Hello, Some kind of refcount assertion failure we have been having is "refcount detected use-after-free!" from the call to refcounts_ref inside _ports_bucket_class_iterate, called for instance by the periodic sync. I'm thinking: what about this scenario:
- thread A calls diskfs_nput() - that calls refcounts_deref_weak(), which gets both hard and weak counts to 0 - thread B calls diskfs_sync_everything, which calls ports_bucket_iterate, which calls _ports_bucket_class_iterate - _ports_bucket_class_iterate iterates over nodes, and calls refcounts_ref for the node deref-ed above. It then traps on the assertion. So the situation is that diskfs_nput is releasing a node while sync_everything is trying to sync it. Just using refcounts_unsafe_ref is most probably not a solution since the node is on its way out, the function called by the iterator will most probably get it all wrong on a node being destroyed.
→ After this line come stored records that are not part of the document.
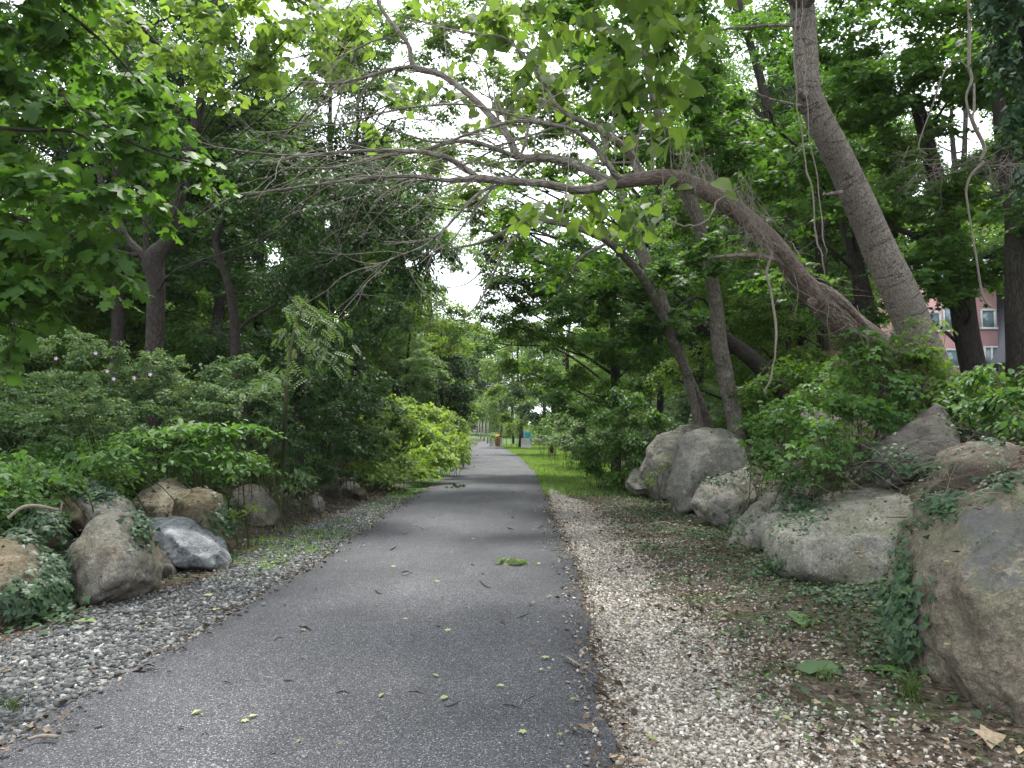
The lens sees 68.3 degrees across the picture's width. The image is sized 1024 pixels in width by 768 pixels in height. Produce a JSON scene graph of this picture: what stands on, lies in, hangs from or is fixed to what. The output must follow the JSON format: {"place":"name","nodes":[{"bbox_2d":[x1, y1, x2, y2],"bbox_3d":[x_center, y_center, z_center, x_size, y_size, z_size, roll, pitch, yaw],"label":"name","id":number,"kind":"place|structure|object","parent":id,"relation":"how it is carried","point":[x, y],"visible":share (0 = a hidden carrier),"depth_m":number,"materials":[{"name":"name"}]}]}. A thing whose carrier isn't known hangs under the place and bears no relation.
{"place":"outdoors","nodes":[
{"label":"outdoors","id":0,"kind":"place"},
{"bbox_2d":[0,493,427,743],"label":"gravel","id":1,"kind":"structure","parent":0,"point":[129,639],"depth_m":5.95,"materials":[{"name":"gravel"}]},
{"bbox_2d":[0,439,617,767],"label":"path","id":2,"kind":"structure","parent":0,"point":[368,653],"depth_m":4.90,"materials":[{"name":"asphalt"}]},
{"bbox_2d":[0,0,1002,424],"label":"sky","id":3,"kind":"structure","parent":0,"point":[463,293],"materials":[{"name":"white"}]},
{"bbox_2d":[0,403,1023,767],"bbox_3d":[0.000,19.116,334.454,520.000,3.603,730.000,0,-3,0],"label":"ground","id":4,"kind":"structure","parent":0,"point":[930,689],"depth_m":6.21,"materials":[{"name":"gravel"}]},
{"bbox_2d":[0,534,51,625],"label":"boulder","id":5,"kind":"object","parent":4,"relation":"on","point":[16,556],"visible":0.45,"depth_m":6.40,"materials":[{"name":"stone"}]},
{"bbox_2d":[0,335,89,477],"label":"flowering shrub","id":6,"kind":"object","parent":4,"relation":"on","point":[31,425],"visible":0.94,"depth_m":9.31,"materials":[{"name":"green plant"}]},
{"bbox_2d":[50,498,85,532],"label":"boulder","id":7,"kind":"object","parent":4,"relation":"on","point":[77,524],"visible":0.41,"depth_m":8.23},
{"bbox_2d":[0,445,147,542],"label":"layered shrub","id":8,"kind":"object","parent":4,"relation":"on","point":[23,455],"visible":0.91,"depth_m":7.86,"materials":[{"name":"green plant"}]},
{"bbox_2d":[21,325,132,470],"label":"flowering shrub","id":9,"kind":"object","parent":4,"relation":"on","point":[83,353],"visible":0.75,"depth_m":10.11,"materials":[{"name":"green plant"}]},
{"bbox_2d":[70,484,135,533],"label":"boulder","id":10,"kind":"object","parent":4,"relation":"on","point":[116,506],"visible":0.16,"depth_m":8.44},
{"bbox_2d":[12,64,211,385],"bbox_3d":[-18.632,-5.919,36.549,11.777,19.100,9.525,-1,-3,13],"label":"woodland tree","id":11,"kind":"object","parent":4,"relation":"on","point":[47,318],"visible":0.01,"depth_m":33.66,"materials":[{"name":"green plant"}]},
{"bbox_2d":[66,512,163,605],"bbox_3d":[-3.894,1.712,7.433,0.912,0.876,1.431,0,-3,0],"label":"boulder","id":12,"kind":"object","parent":4,"relation":"on","point":[117,566],"visible":0.79,"depth_m":6.99,"materials":[{"name":"stone"}]},
{"bbox_2d":[0,0,242,387],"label":"overhanging maple","id":13,"kind":"object","parent":4,"relation":"on","point":[45,36],"visible":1,"depth_m":5.60,"materials":[{"name":"green plant"}]},
{"bbox_2d":[0,0,265,391],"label":"woodland tree","id":14,"kind":"object","parent":4,"relation":"on","point":[78,288],"visible":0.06,"depth_m":21.27,"materials":[{"name":"green plant"}]},
{"bbox_2d":[77,341,194,487],"bbox_3d":[-5.572,0.607,11.105,1.665,2.474,2.014,0,-3,0],"label":"flowering shrub","id":15,"kind":"object","parent":4,"relation":"on","point":[118,387],"visible":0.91,"depth_m":10.97,"materials":[{"name":"green plant"}]},
{"bbox_2d":[0,0,319,421],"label":"woodland tree","id":16,"kind":"object","parent":4,"relation":"on","point":[118,322],"visible":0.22,"depth_m":17.34,"materials":[{"name":"green plant"}]},
{"bbox_2d":[0,477,319,637],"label":"ivy","id":17,"kind":"object","parent":4,"relation":"on","point":[50,597],"visible":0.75,"depth_m":6.96,"materials":[{"name":"green plant"}]},
{"bbox_2d":[0,0,319,386],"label":"woodland tree","id":18,"kind":"object","parent":4,"relation":"on","point":[190,354],"visible":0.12,"depth_m":18.69,"materials":[{"name":"green plant"}]},
{"bbox_2d":[132,478,188,517],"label":"boulder","id":19,"kind":"object","parent":4,"relation":"on","point":[156,504],"visible":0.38,"depth_m":10.12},
{"bbox_2d":[0,432,333,532],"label":"undergrowth","id":20,"kind":"object","parent":4,"relation":"on","point":[51,459],"visible":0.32,"depth_m":9.46,"materials":[{"name":"green plant"}]},
{"bbox_2d":[58,418,290,538],"bbox_3d":[-4.159,1.347,9.956,3.157,1.785,2.046,2,-4,-32],"label":"layered shrub","id":21,"kind":"object","parent":4,"relation":"on","point":[221,436],"visible":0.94,"depth_m":9.58,"materials":[{"name":"green plant"}]},
{"bbox_2d":[150,516,231,569],"bbox_3d":[-3.879,1.910,9.000,1.456,0.624,0.895,-2,-4,32],"label":"boulder","id":22,"kind":"object","parent":4,"relation":"on","point":[174,534],"visible":0.74,"depth_m":8.65,"materials":[{"name":"stone"}]},
{"bbox_2d":[70,43,327,447],"bbox_3d":[-7.806,-3.143,19.255,5.883,11.479,6.152,1,-3,-16],"label":"woodland tree","id":23,"kind":"object","parent":4,"relation":"on","point":[220,307],"visible":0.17,"depth_m":19.23,"materials":[{"name":"green plant"}]},
{"bbox_2d":[153,363,247,523],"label":"flowering shrub","id":24,"kind":"object","parent":4,"relation":"on","point":[204,410],"visible":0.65,"depth_m":11.45,"materials":[{"name":"green plant"}]},
{"bbox_2d":[172,487,235,551],"bbox_3d":[-4.098,1.797,10.024,0.751,0.805,1.525,2,-4,-32],"label":"boulder","id":25,"kind":"object","parent":4,"relation":"on","point":[187,504],"visible":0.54,"depth_m":9.78,"materials":[{"name":"stone"}]},
{"bbox_2d":[0,371,435,474],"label":"undergrowth","id":26,"kind":"object","parent":4,"relation":"on","point":[10,437],"visible":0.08,"depth_m":16.32,"materials":[{"name":"green plant"}]},
{"bbox_2d":[139,129,324,487],"bbox_3d":[-5.564,-1.446,15.185,3.565,7.141,2.357,0,-3,0],"label":"dark tree","id":27,"kind":"object","parent":4,"relation":"on","point":[233,340],"visible":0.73,"depth_m":15.01,"materials":[{"name":"green plant"}]},
{"bbox_2d":[142,134,331,419],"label":"woodland tree","id":28,"kind":"object","parent":4,"relation":"on","point":[207,307],"visible":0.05,"depth_m":24.72,"materials":[{"name":"green plant"}]},
{"bbox_2d":[187,353,297,521],"bbox_3d":[-4.357,0.941,12.368,1.622,2.893,2.034,3,-5,-44],"label":"flowering shrub","id":29,"kind":"object","parent":4,"relation":"on","point":[270,419],"visible":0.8,"depth_m":12.17,"materials":[{"name":"green plant"}]},
{"bbox_2d":[44,0,446,485],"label":"forked tree","id":30,"kind":"object","parent":4,"relation":"on","point":[212,20],"visible":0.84,"depth_m":11.65,"materials":[{"name":"green plant"}]},
{"bbox_2d":[230,484,280,527],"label":"boulder","id":31,"kind":"object","parent":4,"relation":"on","point":[261,500],"visible":0.55,"depth_m":12.28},
{"bbox_2d":[223,294,360,517],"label":"young tree","id":32,"kind":"object","parent":4,"relation":"on","point":[286,378],"visible":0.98,"depth_m":11.52,"materials":[{"name":"green plant"}]},
{"bbox_2d":[272,466,321,523],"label":"plant","id":33,"kind":"object","parent":4,"relation":"on","point":[300,474],"visible":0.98,"depth_m":12.49,"materials":[{"name":"green plant"}]},
{"bbox_2d":[185,325,411,486],"bbox_3d":[-4.570,0.741,18.783,6.093,3.853,3.692,3,-4,-39],"label":"dark shrub","id":34,"kind":"object","parent":4,"relation":"on","point":[281,355],"visible":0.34,"depth_m":18.00,"materials":[{"name":"green plant"}]},
{"bbox_2d":[225,161,393,410],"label":"woodland tree","id":35,"kind":"object","parent":4,"relation":"on","point":[366,355],"visible":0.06,"depth_m":30.92,"materials":[{"name":"green plant"}]},
{"bbox_2d":[193,4,433,459],"bbox_3d":[-7.222,-5.009,26.904,8.500,16.504,9.897,0,-3,4],"label":"woodland tree","id":36,"kind":"object","parent":4,"relation":"on","point":[391,305],"visible":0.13,"depth_m":25.54,"materials":[{"name":"green plant"}]},
{"bbox_2d":[249,389,386,515],"bbox_3d":[-3.760,1.293,15.349,1.922,2.517,4.619,0,-3,0],"label":"dark shrub","id":37,"kind":"object","parent":4,"relation":"on","point":[350,448],"visible":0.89,"depth_m":15.44,"materials":[{"name":"green plant"}]},
{"bbox_2d":[228,140,469,499],"bbox_3d":[-3.087,-1.231,14.459,5.174,7.197,2.704,-2,-4,25],"label":"dark tree","id":38,"kind":"object","parent":4,"relation":"on","point":[350,285],"visible":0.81,"depth_m":14.26,"materials":[{"name":"green plant"}]},
{"bbox_2d":[266,157,437,419],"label":"woodland tree","id":39,"kind":"object","parent":4,"relation":"on","point":[384,362],"visible":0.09,"depth_m":33.42,"materials":[{"name":"green plant"}]},
{"bbox_2d":[278,0,485,460],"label":"tall tree","id":40,"kind":"object","parent":4,"relation":"on","point":[390,32],"visible":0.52,"depth_m":23.56,"materials":[{"name":"green plant"}]},
{"bbox_2d":[327,406,436,493],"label":"thicket bush","id":41,"kind":"object","parent":4,"relation":"on","point":[380,470],"visible":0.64,"depth_m":19.33,"materials":[{"name":"green plant"}]},
{"bbox_2d":[368,331,451,450],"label":"pale tree","id":42,"kind":"object","parent":4,"relation":"on","point":[404,368],"visible":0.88,"depth_m":29.41,"materials":[{"name":"green plant"}]},
{"bbox_2d":[336,128,492,454],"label":"woodland tree","id":43,"kind":"object","parent":4,"relation":"on","point":[449,347],"visible":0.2,"depth_m":36.20,"materials":[{"name":"green plant"}]},
{"bbox_2d":[167,490,661,580],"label":"grass","id":44,"kind":"structure","parent":4,"relation":"on","point":[294,540],"depth_m":11.12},
{"bbox_2d":[380,394,461,486],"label":"thicket bush","id":45,"kind":"object","parent":4,"relation":"on","point":[431,434],"visible":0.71,"depth_m":22.05,"materials":[{"name":"green plant"}]},
{"bbox_2d":[345,183,499,418],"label":"woodland tree","id":46,"kind":"object","parent":4,"relation":"on","point":[489,201],"visible":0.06,"depth_m":45.63,"materials":[{"name":"green plant"}]},
{"bbox_2d":[401,313,482,435],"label":"round tree","id":47,"kind":"object","parent":4,"relation":"on","point":[453,393],"visible":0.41,"depth_m":40.75,"materials":[{"name":"green plant"}]},
{"bbox_2d":[414,402,476,479],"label":"thicket bush","id":48,"kind":"object","parent":4,"relation":"on","point":[437,415],"visible":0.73,"depth_m":25.41,"materials":[{"name":"green plant"}]},
{"bbox_2d":[473,357,502,437],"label":"tree","id":49,"kind":"object","parent":4,"relation":"on","point":[487,362],"visible":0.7,"depth_m":89.74,"materials":[{"name":"green plant"}]},
{"bbox_2d":[0,199,1003,433],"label":"woods","id":50,"kind":"object","parent":4,"relation":"on","point":[481,386],"visible":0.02,"depth_m":122.39,"materials":[{"name":"green plant"}]},
{"bbox_2d":[482,343,525,446],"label":"tree","id":51,"kind":"object","parent":4,"relation":"on","point":[497,389],"visible":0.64,"depth_m":59.72,"materials":[{"name":"green plant"}]},
{"bbox_2d":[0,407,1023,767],"bbox_3d":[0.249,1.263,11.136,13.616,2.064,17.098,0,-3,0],"label":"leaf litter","id":52,"kind":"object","parent":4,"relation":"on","point":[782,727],"visible":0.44,"depth_m":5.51,"materials":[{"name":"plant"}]},
{"bbox_2d":[5,425,1023,767],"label":"weeds","id":53,"kind":"object","parent":4,"relation":"on","point":[853,623],"visible":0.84,"depth_m":6.31,"materials":[{"name":"green plant"}]},
{"bbox_2d":[394,0,663,434],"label":"tall tree","id":54,"kind":"object","parent":4,"relation":"on","point":[467,196],"visible":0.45,"depth_m":22.31,"materials":[{"name":"green plant"}]},
{"bbox_2d":[492,303,571,452],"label":"tree","id":55,"kind":"object","parent":4,"relation":"on","point":[523,410],"visible":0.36,"depth_m":44.91,"materials":[{"name":"green plant"}]},
{"bbox_2d":[467,199,621,471],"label":"maple tree","id":56,"kind":"object","parent":4,"relation":"on","point":[577,376],"visible":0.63,"depth_m":25.49,"materials":[{"name":"green plant"}]},
{"bbox_2d":[158,0,958,421],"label":"leaning tree","id":57,"kind":"object","parent":4,"relation":"on","point":[658,34],"visible":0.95,"depth_m":8.13,"materials":[{"name":"green plant"}]},
{"bbox_2d":[650,134,933,374],"bbox_3d":[3.430,-1.355,9.269,5.145,2.465,1.618,3,-4,-42],"label":"dead vine","id":58,"kind":"object","parent":57,"relation":"on","point":[740,194],"visible":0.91,"depth_m":8.26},
{"bbox_2d":[784,0,838,281],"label":"hanging vine","id":59,"kind":"object","parent":57,"relation":"hanging from","point":[810,182],"visible":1,"depth_m":8.97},
{"bbox_2d":[877,0,1023,307],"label":"hanging vine","id":60,"kind":"object","parent":57,"relation":"hanging from","point":[971,119],"visible":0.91,"depth_m":7.70,"materials":[{"name":"plant"}]},
{"bbox_2d":[523,289,609,429],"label":"woodland tree","id":61,"kind":"object","parent":4,"relation":"on","point":[567,362],"visible":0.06,"depth_m":60.01,"materials":[{"name":"green plant"}]},
{"bbox_2d":[533,402,611,470],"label":"hedge bush","id":62,"kind":"object","parent":4,"relation":"on","point":[569,435],"visible":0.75,"depth_m":28.69,"materials":[{"name":"green plant"}]},
{"bbox_2d":[448,167,712,427],"bbox_3d":[2.361,-0.948,14.551,8.136,6.067,2.300,3,-4,-41],"label":"bent tree","id":63,"kind":"object","parent":4,"relation":"on","point":[630,262],"visible":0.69,"depth_m":13.55,"materials":[{"name":"green plant"}]},
{"bbox_2d":[500,0,715,428],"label":"maple tree","id":64,"kind":"object","parent":4,"relation":"on","point":[680,210],"visible":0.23,"depth_m":18.09,"materials":[{"name":"green plant"}]},
{"bbox_2d":[539,235,697,481],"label":"maple tree","id":65,"kind":"object","parent":4,"relation":"on","point":[611,357],"visible":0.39,"depth_m":21.98,"materials":[{"name":"green plant"}]},
{"bbox_2d":[566,386,678,495],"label":"roadside bush","id":66,"kind":"object","parent":4,"relation":"on","point":[615,439],"visible":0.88,"depth_m":18.81,"materials":[{"name":"green plant"}]},
{"bbox_2d":[571,185,713,402],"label":"woodland tree","id":67,"kind":"object","parent":4,"relation":"on","point":[675,382],"visible":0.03,"depth_m":44.51,"materials":[{"name":"green plant"}]},
{"bbox_2d":[548,381,756,471],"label":"undergrowth","id":68,"kind":"object","parent":4,"relation":"on","point":[679,410],"visible":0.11,"depth_m":26.06,"materials":[{"name":"green plant"}]},
{"bbox_2d":[525,0,787,452],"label":"maple tree","id":69,"kind":"object","parent":4,"relation":"on","point":[709,269],"visible":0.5,"depth_m":13.09,"materials":[{"name":"green plant"}]},
{"bbox_2d":[513,231,801,412],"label":"maple tree","id":70,"kind":"object","parent":4,"relation":"on","point":[753,360],"visible":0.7,"depth_m":16.18,"materials":[{"name":"green plant"}]},
{"bbox_2d":[639,424,694,501],"bbox_3d":[3.624,1.814,17.166,1.423,1.803,2.009,0,-3,0],"label":"boulder","id":71,"kind":"object","parent":4,"relation":"on","point":[664,447],"visible":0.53,"depth_m":16.70,"materials":[{"name":"stone"}]},
{"bbox_2d":[601,67,795,384],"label":"woodland tree","id":72,"kind":"object","parent":4,"relation":"on","point":[678,301],"visible":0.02,"depth_m":30.39,"materials":[{"name":"green plant"}]},
{"bbox_2d":[666,427,749,513],"bbox_3d":[3.770,1.696,14.770,1.604,1.714,1.993,0,-3,0],"label":"boulder","id":73,"kind":"object","parent":4,"relation":"on","point":[682,486],"visible":0.76,"depth_m":14.18,"materials":[{"name":"stone"}]},
{"bbox_2d":[690,467,756,527],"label":"boulder","id":74,"kind":"object","parent":4,"relation":"on","point":[731,498],"visible":0.7,"depth_m":12.14,"materials":[{"name":"stone"}]},
{"bbox_2d":[656,0,824,386],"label":"maple tree","id":75,"kind":"object","parent":4,"relation":"on","point":[718,66],"visible":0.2,"depth_m":21.45,"materials":[{"name":"green plant"}]},
{"bbox_2d":[640,287,840,414],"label":"maple tree","id":76,"kind":"object","parent":4,"relation":"on","point":[694,367],"visible":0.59,"depth_m":19.08,"materials":[{"name":"green plant"}]},
{"bbox_2d":[726,492,776,550],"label":"boulder","id":77,"kind":"object","parent":4,"relation":"on","point":[747,540],"visible":0.41,"depth_m":10.24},
{"bbox_2d":[754,486,809,547],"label":"boulder","id":78,"kind":"object","parent":4,"relation":"on","point":[762,523],"visible":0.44,"depth_m":9.62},
{"bbox_2d":[731,400,855,514],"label":"bank shrub","id":79,"kind":"object","parent":4,"relation":"on","point":[765,447],"visible":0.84,"depth_m":10.17,"materials":[{"name":"green plant"}]},
{"bbox_2d":[666,27,920,403],"bbox_3d":[10.038,-5.247,27.403,9.814,15.917,7.937,0,-3,-7],"label":"woodland tree","id":80,"kind":"object","parent":4,"relation":"on","point":[732,66],"visible":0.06,"depth_m":27.13,"materials":[{"name":"green plant"}]},
{"bbox_2d":[706,86,891,368],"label":"woodland tree","id":81,"kind":"object","parent":4,"relation":"on","point":[839,344],"visible":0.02,"depth_m":31.57,"materials":[{"name":"green plant"}]},
{"bbox_2d":[691,50,910,372],"bbox_3d":[7.711,-3.548,19.773,5.537,10.804,5.790,1,-3,-17],"label":"woodland tree","id":82,"kind":"object","parent":4,"relation":"on","point":[817,322],"visible":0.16,"depth_m":19.50,"materials":[{"name":"green plant"}]},
{"bbox_2d":[585,350,1023,445],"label":"undergrowth","id":83,"kind":"object","parent":4,"relation":"on","point":[757,396],"visible":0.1,"depth_m":15.25,"materials":[{"name":"green plant"}]},
{"bbox_2d":[673,0,951,383],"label":"woodland tree","id":84,"kind":"object","parent":4,"relation":"on","point":[777,87],"visible":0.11,"depth_m":24.38,"materials":[{"name":"green plant"}]},
{"bbox_2d":[689,0,959,408],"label":"maple tree","id":85,"kind":"object","parent":4,"relation":"on","point":[888,142],"visible":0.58,"depth_m":14.31,"materials":[{"name":"green plant"}]},
{"bbox_2d":[635,410,1023,705],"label":"ivy","id":86,"kind":"object","parent":4,"relation":"on","point":[900,627],"visible":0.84,"depth_m":6.76,"materials":[{"name":"green plant"}]},
{"bbox_2d":[761,481,913,585],"bbox_3d":[3.891,1.647,8.602,1.728,1.114,2.693,-3,-4,42],"label":"boulder","id":87,"kind":"object","parent":4,"relation":"on","point":[869,542],"visible":0.66,"depth_m":7.75,"materials":[{"name":"stone"}]},
{"bbox_2d":[713,0,962,412],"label":"ash tree","id":88,"kind":"object","parent":4,"relation":"on","point":[890,271],"visible":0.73,"depth_m":10.52,"materials":[{"name":"brown plant"}]},
{"bbox_2d":[763,325,935,507],"bbox_3d":[4.263,0.593,9.670,2.531,2.753,1.550,2,-4,-27],"label":"bank shrub","id":89,"kind":"object","parent":4,"relation":"on","point":[882,413],"visible":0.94,"depth_m":9.72,"materials":[{"name":"green plant"}]},
{"bbox_2d":[788,419,1000,531],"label":"dry stems","id":90,"kind":"object","parent":4,"relation":"on","point":[908,474],"visible":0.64,"depth_m":8.42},
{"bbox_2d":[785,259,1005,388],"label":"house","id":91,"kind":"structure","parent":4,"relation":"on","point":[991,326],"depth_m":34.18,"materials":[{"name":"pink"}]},
{"bbox_2d":[856,404,960,487],"bbox_3d":[4.784,0.733,9.117,1.214,0.991,1.518,0,-3,0],"label":"boulder","id":92,"kind":"object","parent":4,"relation":"on","point":[938,429],"visible":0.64,"depth_m":8.78,"materials":[{"name":"stone"}]},
{"bbox_2d":[888,663,935,704],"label":"grass tuft","id":93,"kind":"object","parent":4,"relation":"on","point":[914,690],"visible":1,"depth_m":4.46,"materials":[{"name":"green plant"}]},
{"bbox_2d":[838,0,1023,403],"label":"maple tree","id":94,"kind":"object","parent":4,"relation":"on","point":[954,291],"visible":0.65,"depth_m":13.24,"materials":[{"name":"green plant"}]},
{"bbox_2d":[851,341,1018,439],"bbox_3d":[5.734,0.121,10.119,2.150,1.566,1.362,0,-3,0],"label":"bank shrub","id":95,"kind":"object","parent":4,"relation":"on","point":[930,363],"visible":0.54,"depth_m":10.10,"materials":[{"name":"green plant"}]},
{"bbox_2d":[870,32,1023,295],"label":"woodland tree","id":96,"kind":"object","parent":4,"relation":"on","point":[953,147],"visible":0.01,"depth_m":51.05,"materials":[{"name":"green plant"}]},
{"bbox_2d":[871,23,1023,293],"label":"woodland tree","id":97,"kind":"object","parent":4,"relation":"on","point":[964,140],"visible":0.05,"depth_m":46.72,"materials":[{"name":"green plant"}]},
{"bbox_2d":[886,479,1023,726],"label":"boulder","id":98,"kind":"object","parent":4,"relation":"on","point":[978,590],"visible":0.73,"depth_m":4.56,"materials":[{"name":"stone"}]},
{"bbox_2d":[914,4,1023,235],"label":"woodland tree","id":99,"kind":"object","parent":4,"relation":"on","point":[985,188],"visible":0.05,"depth_m":14.56,"materials":[{"name":"green plant"}]},
{"bbox_2d":[926,441,1020,493],"bbox_3d":[4.853,0.905,7.909,0.874,0.618,1.360,-3,-5,44],"label":"boulder","id":100,"kind":"object","parent":4,"relation":"on","point":[1012,452],"visible":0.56,"depth_m":7.47,"materials":[{"name":"stone"}]},
{"bbox_2d":[929,363,1023,445],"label":"bank shrub","id":101,"kind":"object","parent":4,"relation":"on","point":[984,406],"visible":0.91,"depth_m":8.93,"materials":[{"name":"green plant"}]},
{"bbox_2d":[938,26,1023,388],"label":"dark tree","id":102,"kind":"object","parent":4,"relation":"on","point":[1013,216],"visible":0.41,"depth_m":11.56,"materials":[{"name":"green plant"}]},
{"bbox_2d":[962,199,1004,285],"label":"woodland tree","id":103,"kind":"object","parent":4,"relation":"on","point":[979,235],"visible":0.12,"depth_m":34.92,"materials":[{"name":"green plant"}]},
{"bbox_2d":[964,0,1023,213],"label":"ivy clad tree","id":104,"kind":"object","parent":4,"relation":"on","point":[1005,18],"visible":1,"depth_m":6.01,"materials":[{"name":"green plant"}]},
{"bbox_2d":[502,443,649,495],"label":"grass","id":105,"kind":"structure","parent":0,"point":[532,457],"depth_m":25.78,"materials":[{"name":"plant"}]},
{"bbox_2d":[535,500,1020,767],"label":"gravel","id":106,"kind":"structure","parent":0,"point":[733,750],"depth_m":4.75,"materials":[{"name":"gravel"}]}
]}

Another way would be as attached: just skip nodes which didn't have any reference. I however don't know libports enough to say whether that's correct behavior for libports or not: AIUI callers of refcounts_deref* are supposed to check for 0,0 and are then responsible for destroying the node? Samuel
diff --git a/libports/bucket-iterate.c b/libports/bucket-iterate.c index b021b99..76dc3f7 100644 --- a/libports/bucket-iterate.c +++ b/libports/bucket-iterate.c @@ -58,7 +58,14 @@ _ports_bucket_class_iterate (struct hurd_ihash *ht, if (class == 0 || pi->class == class) { - refcounts_ref (&pi->refcounts, NULL); + struct references result; + refcounts_unsafe_ref (&pi->refcounts, &result); + if (result.hard == 1 && result.weak == 0) + { + /* This one is on its way out, skip it. */ + refcounts_deref (&pi->refcounts, NULL); + continue; + } p[n] = pi; n++; }